§ **THE PROBLEM**
Leaving out the pictures, output each record exactly as it stands.
——————
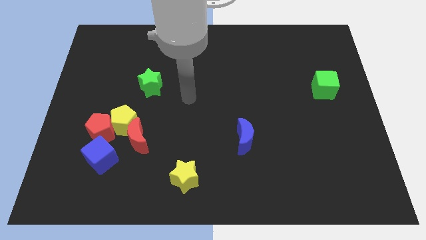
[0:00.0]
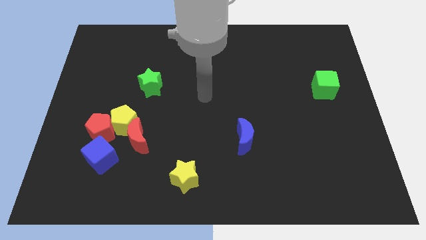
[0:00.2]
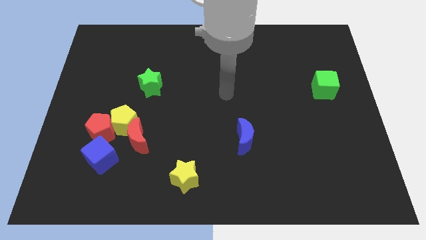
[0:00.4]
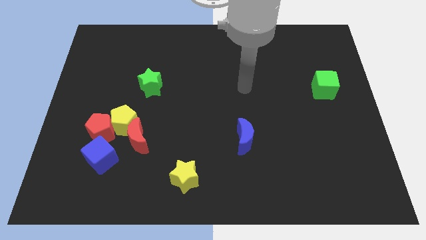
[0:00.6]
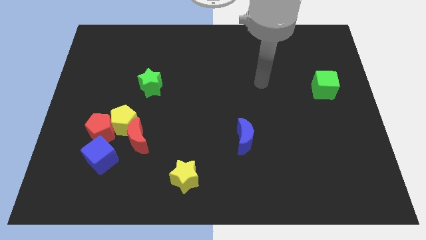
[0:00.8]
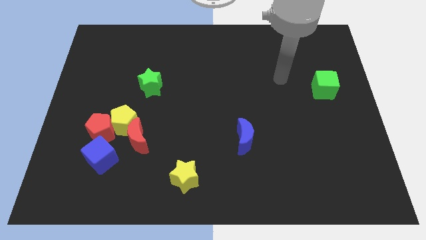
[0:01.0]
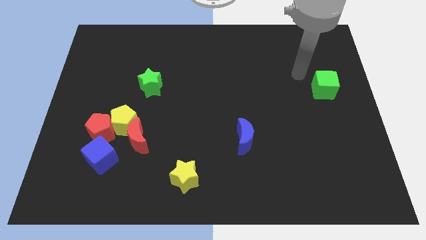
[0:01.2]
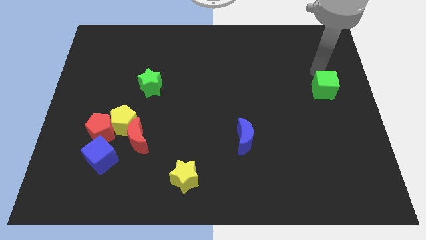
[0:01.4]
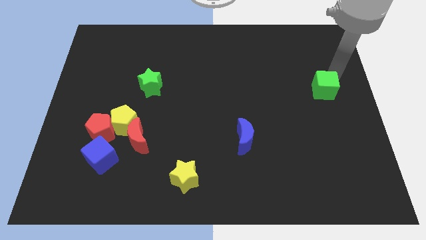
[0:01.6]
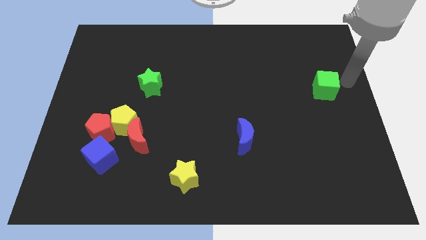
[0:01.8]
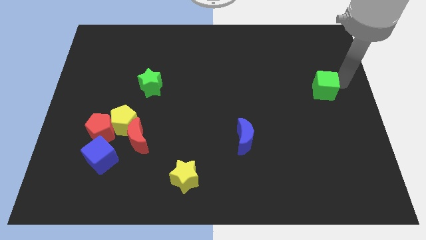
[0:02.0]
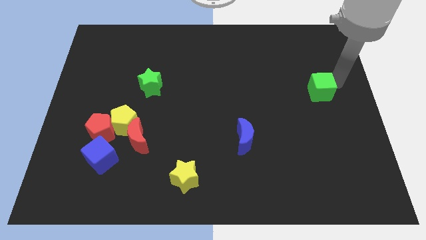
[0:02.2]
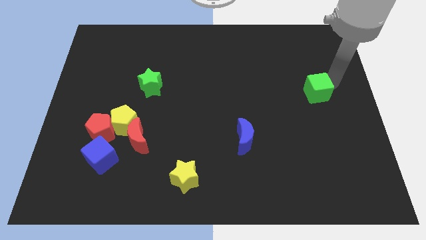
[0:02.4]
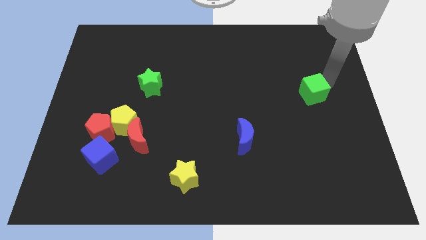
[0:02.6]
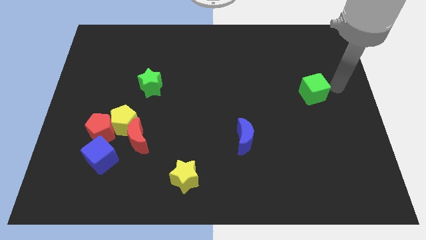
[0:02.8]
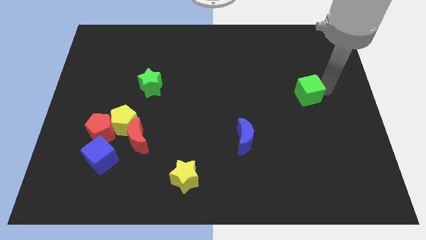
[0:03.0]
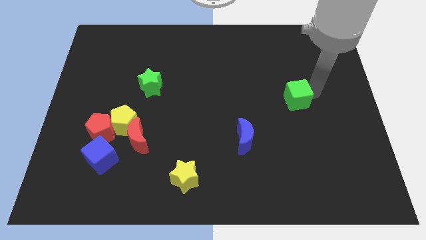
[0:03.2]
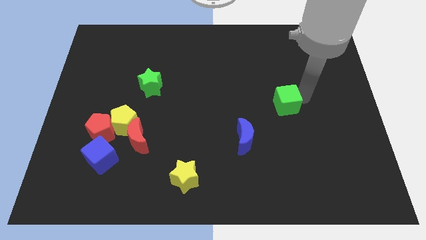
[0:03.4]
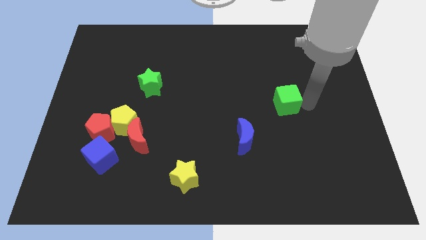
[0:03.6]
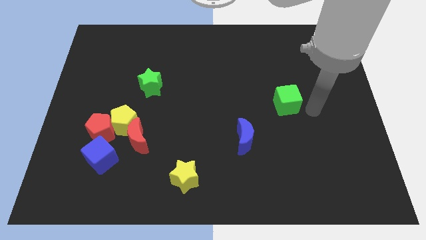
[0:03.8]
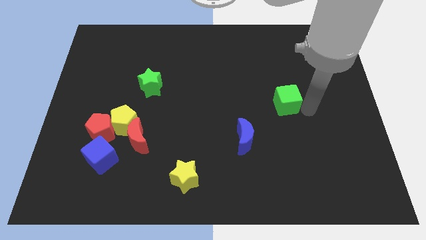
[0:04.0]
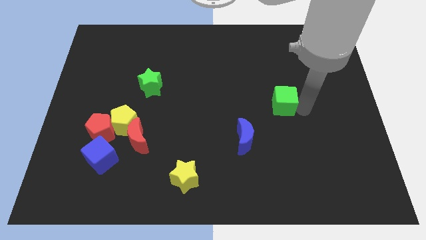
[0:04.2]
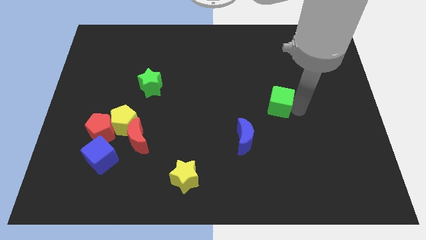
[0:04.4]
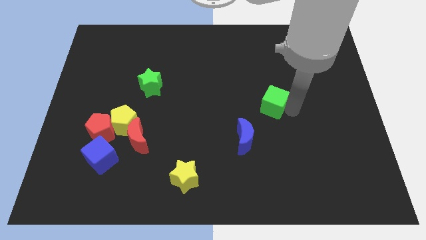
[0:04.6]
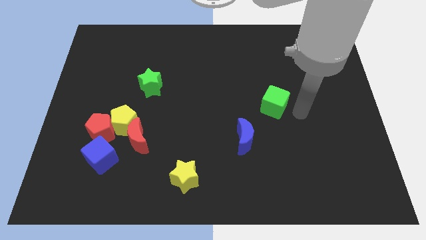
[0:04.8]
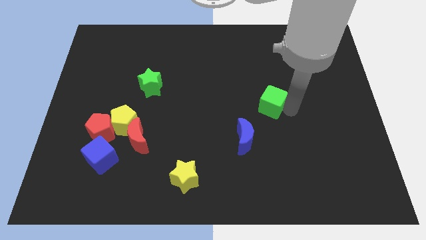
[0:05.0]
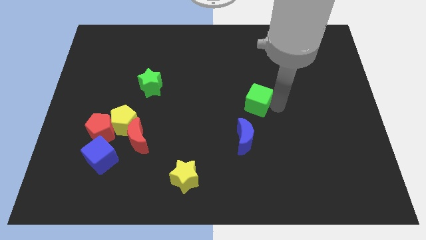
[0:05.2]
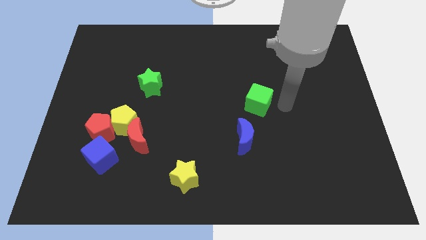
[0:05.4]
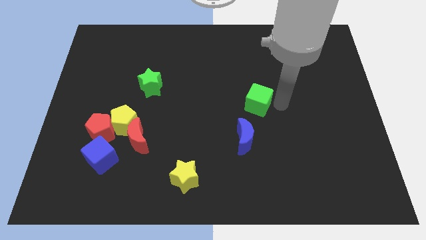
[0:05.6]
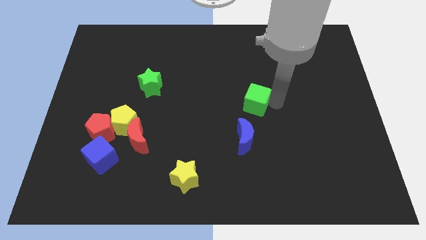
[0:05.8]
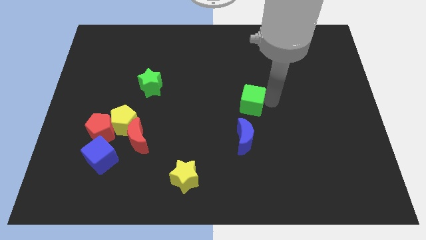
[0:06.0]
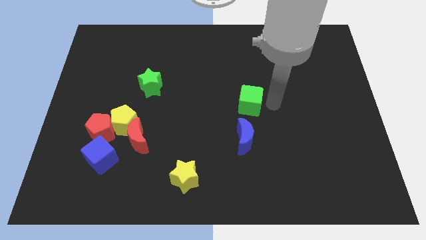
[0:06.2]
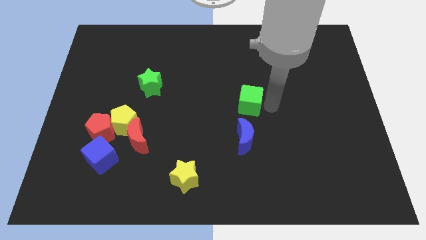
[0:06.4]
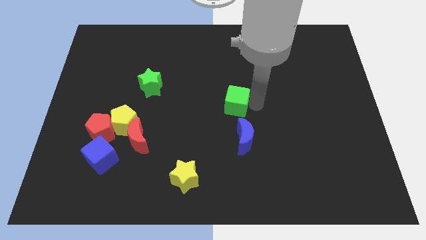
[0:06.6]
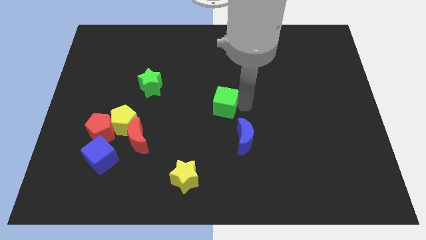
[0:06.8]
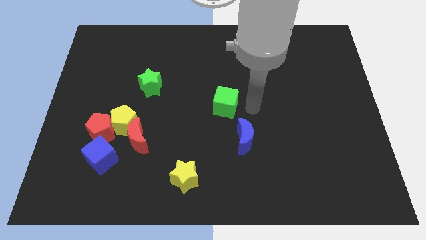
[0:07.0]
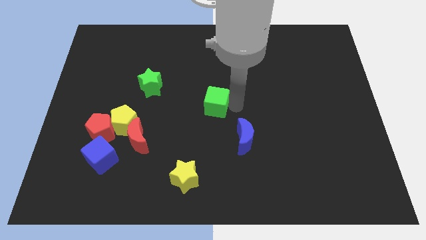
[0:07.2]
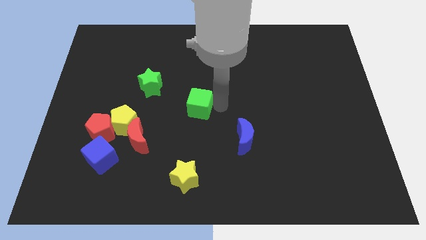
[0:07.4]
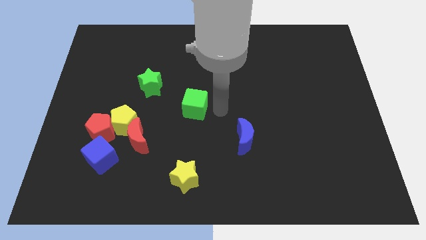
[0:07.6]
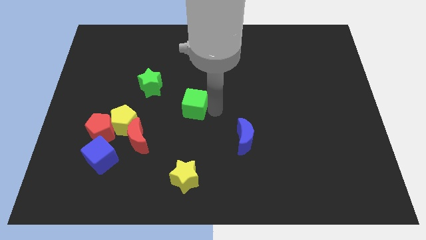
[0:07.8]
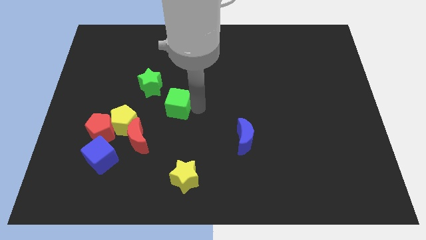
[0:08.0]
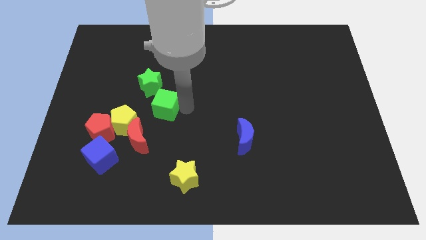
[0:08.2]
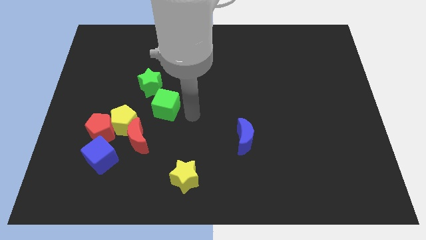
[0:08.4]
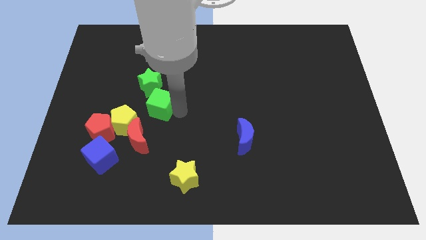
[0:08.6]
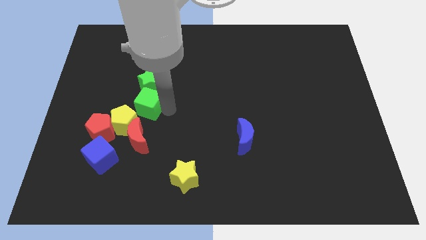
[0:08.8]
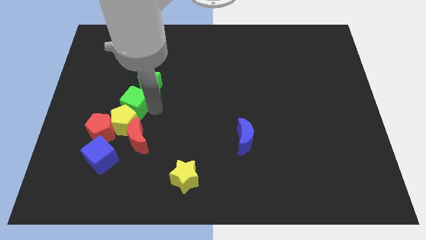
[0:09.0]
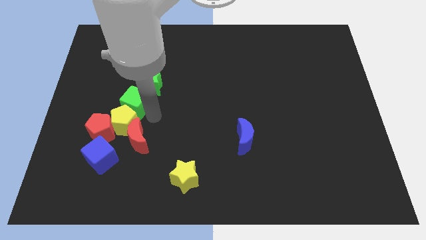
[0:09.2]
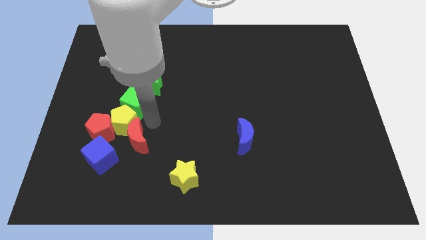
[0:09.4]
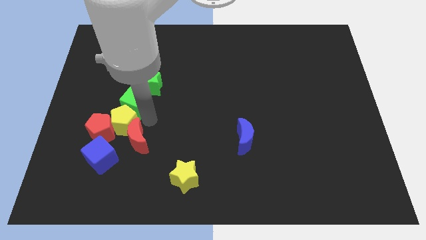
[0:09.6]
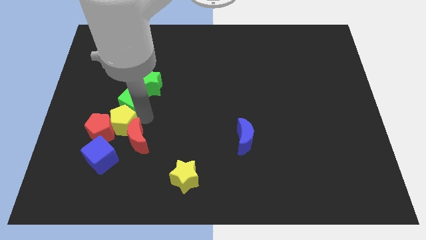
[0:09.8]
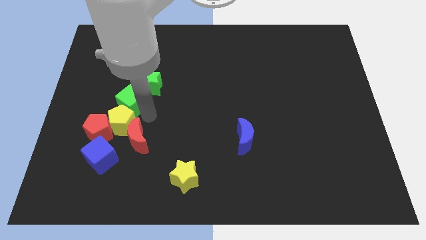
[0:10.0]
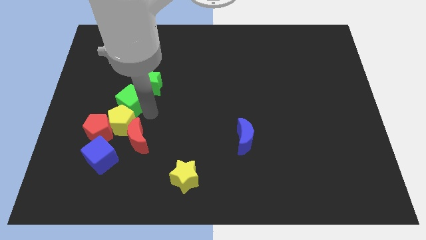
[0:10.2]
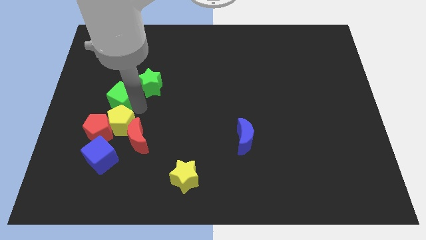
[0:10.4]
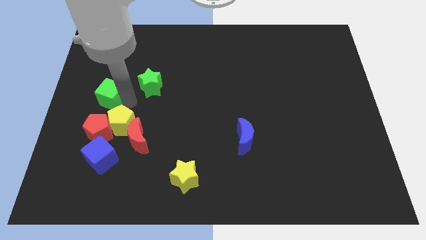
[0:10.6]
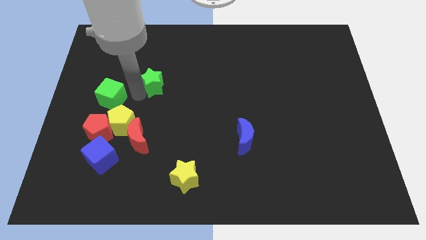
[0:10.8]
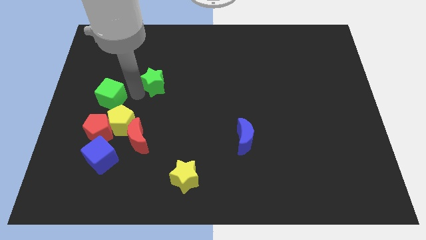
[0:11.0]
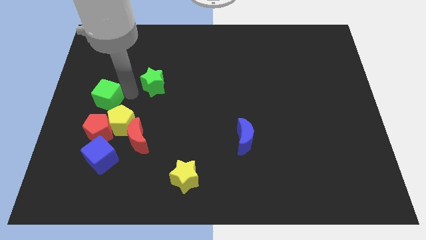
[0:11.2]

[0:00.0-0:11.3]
slide the green cube to the center left
——————
§ **REPLY**
[0:00.0]
[0:00.2]
[0:00.4]
[0:00.6]
[0:00.8]
[0:01.0]
[0:01.2]
[0:01.4]
[0:01.6]
[0:01.8]
[0:02.0]
[0:02.2]
[0:02.4]
[0:02.6]
[0:02.8]
[0:03.0]
[0:03.2]
[0:03.4]
[0:03.6]
[0:03.8]
[0:04.0]
[0:04.2]
[0:04.4]
[0:04.6]
[0:04.8]
[0:05.0]
[0:05.2]
[0:05.4]
[0:05.6]
[0:05.8]
[0:06.0]
[0:06.2]
[0:06.4]
[0:06.6]
[0:06.8]
[0:07.0]
[0:07.2]
[0:07.4]
[0:07.6]
[0:07.8]
[0:08.0]
[0:08.2]
[0:08.4]
[0:08.6]
[0:08.8]
[0:09.0]
[0:09.2]
[0:09.4]
[0:09.6]
[0:09.8]
[0:10.0]
[0:10.2]
[0:10.4]
[0:10.6]
[0:10.8]
[0:11.0]
[0:11.2]

[0:00.0-0:11.3]
slide the green cube to the center left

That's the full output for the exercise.